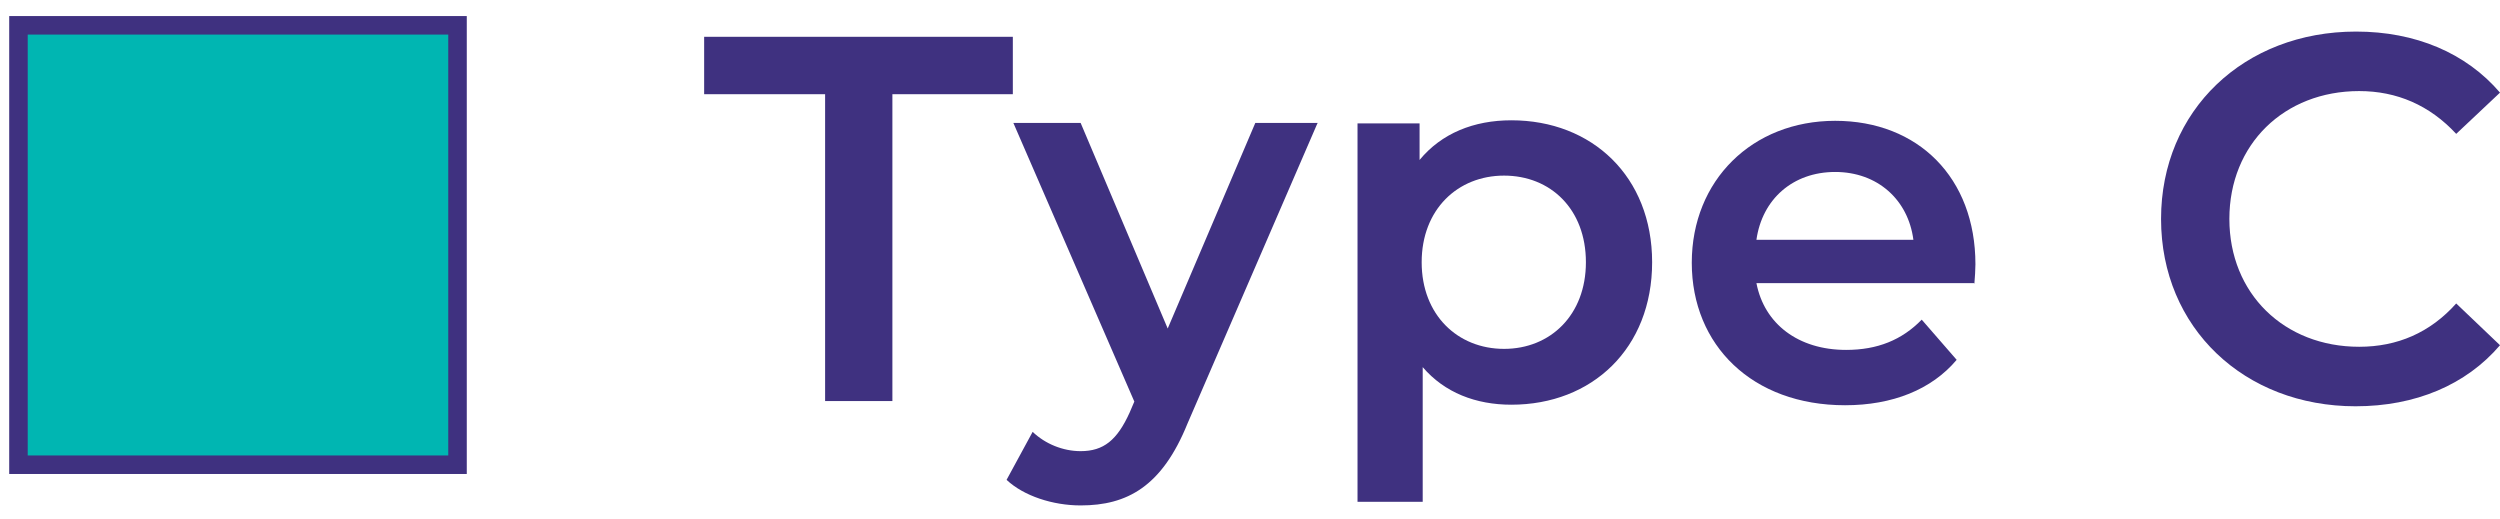<svg width="135" height="28" viewBox="0 0 135 28" fill="none" xmlns="http://www.w3.org/2000/svg">
<path d="M44.528 5.087H38.024V1.987H54.693V5.087H48.189V21.657H44.556V5.087H44.528Z" fill="#3F3180"/>
<path d="M71.138 6.665L64.126 22.869C62.746 26.279 60.86 27.293 58.354 27.293C56.862 27.293 55.285 26.786 54.355 25.912L55.763 23.32C56.439 23.968 57.397 24.362 58.354 24.362C59.593 24.362 60.325 23.771 61.001 22.277L61.254 21.685L54.721 6.637H58.354L63.056 17.74L67.787 6.637H71.166L71.138 6.665Z" fill="#3F3180"/>
<path d="M89.215 14.161C89.215 18.811 85.977 21.854 81.613 21.854C79.698 21.854 78.008 21.206 76.826 19.825V27.096H73.306V6.665H76.657V8.638C77.84 7.201 79.585 6.496 81.613 6.496C85.977 6.496 89.215 9.54 89.215 14.161ZM85.639 14.161C85.639 11.287 83.725 9.483 81.219 9.483C78.713 9.483 76.77 11.315 76.77 14.161C76.77 17.007 78.713 18.839 81.219 18.839C83.725 18.839 85.639 17.007 85.639 14.161Z" fill="#3F3180"/>
<path d="M106.589 15.288H94.847C95.269 17.486 97.1 18.895 99.69 18.895C101.38 18.895 102.703 18.36 103.773 17.261L105.66 19.431C104.308 21.037 102.196 21.883 99.634 21.883C94.622 21.883 91.356 18.642 91.356 14.189C91.356 9.737 94.622 6.524 99.099 6.524C103.576 6.524 106.673 9.596 106.673 14.274C106.673 14.556 106.645 14.978 106.617 15.316L106.589 15.288ZM94.819 12.949H103.323C103.041 10.779 101.38 9.286 99.099 9.286C96.818 9.286 95.157 10.751 94.847 12.949H94.819Z" fill="#3F3180"/>
<path d="M116.697 11.822C116.697 5.961 121.174 1.705 127.228 1.705C130.438 1.705 133.17 2.861 135 5.002L132.635 7.229C131.199 5.679 129.425 4.918 127.397 4.918C123.342 4.918 120.386 7.792 120.386 11.822C120.386 15.852 123.342 18.726 127.397 18.726C129.453 18.726 131.227 17.965 132.635 16.387L135 18.642C133.17 20.783 130.438 21.939 127.2 21.939C121.203 21.939 116.697 17.712 116.697 11.822Z" fill="#3F3180"/>
<path d="M24.706 1.367H0.997V25.095H24.706V1.367Z" fill="#00B6B2" stroke="#3F3180" stroke-miterlimit="10"/>
</svg>

Problem to solve: Each entry above should be printed again word for word, with any picture dropped.

Exercise response:
<svg width="135" height="28" viewBox="0 0 135 28" fill="none" xmlns="http://www.w3.org/2000/svg">
<path d="M44.528 5.087H38.024V1.987H54.693V5.087H48.189V21.657H44.556V5.087H44.528Z" fill="#3F3180"/>
<path d="M71.138 6.665L64.126 22.869C62.746 26.279 60.86 27.293 58.354 27.293C56.862 27.293 55.285 26.786 54.355 25.912L55.763 23.32C56.439 23.968 57.397 24.362 58.354 24.362C59.593 24.362 60.325 23.771 61.001 22.277L61.254 21.685L54.721 6.637H58.354L63.056 17.74L67.787 6.637H71.166L71.138 6.665Z" fill="#3F3180"/>
<path d="M89.215 14.161C89.215 18.811 85.977 21.854 81.613 21.854C79.698 21.854 78.008 21.206 76.826 19.825V27.096H73.306V6.665H76.657V8.638C77.84 7.201 79.585 6.496 81.613 6.496C85.977 6.496 89.215 9.54 89.215 14.161ZM85.639 14.161C85.639 11.287 83.725 9.483 81.219 9.483C78.713 9.483 76.77 11.315 76.77 14.161C76.77 17.007 78.713 18.839 81.219 18.839C83.725 18.839 85.639 17.007 85.639 14.161Z" fill="#3F3180"/>
<path d="M106.589 15.288H94.847C95.269 17.486 97.1 18.895 99.69 18.895C101.38 18.895 102.703 18.36 103.773 17.261L105.66 19.431C104.308 21.037 102.196 21.883 99.634 21.883C94.622 21.883 91.356 18.642 91.356 14.189C91.356 9.737 94.622 6.524 99.099 6.524C103.576 6.524 106.673 9.596 106.673 14.274C106.673 14.556 106.645 14.978 106.617 15.316L106.589 15.288ZM94.819 12.949H103.323C103.041 10.779 101.38 9.286 99.099 9.286C96.818 9.286 95.157 10.751 94.847 12.949H94.819Z" fill="#3F3180"/>
<path d="M116.697 11.822C116.697 5.961 121.174 1.705 127.228 1.705C130.438 1.705 133.17 2.861 135 5.002L132.635 7.229C131.199 5.679 129.425 4.918 127.397 4.918C123.342 4.918 120.386 7.792 120.386 11.822C120.386 15.852 123.342 18.726 127.397 18.726C129.453 18.726 131.227 17.965 132.635 16.387L135 18.642C133.17 20.783 130.438 21.939 127.2 21.939C121.203 21.939 116.697 17.712 116.697 11.822Z" fill="#3F3180"/>
<path d="M24.706 1.367H0.997V25.095H24.706V1.367Z" fill="#00B6B2" stroke="#3F3180" stroke-miterlimit="10"/>
</svg>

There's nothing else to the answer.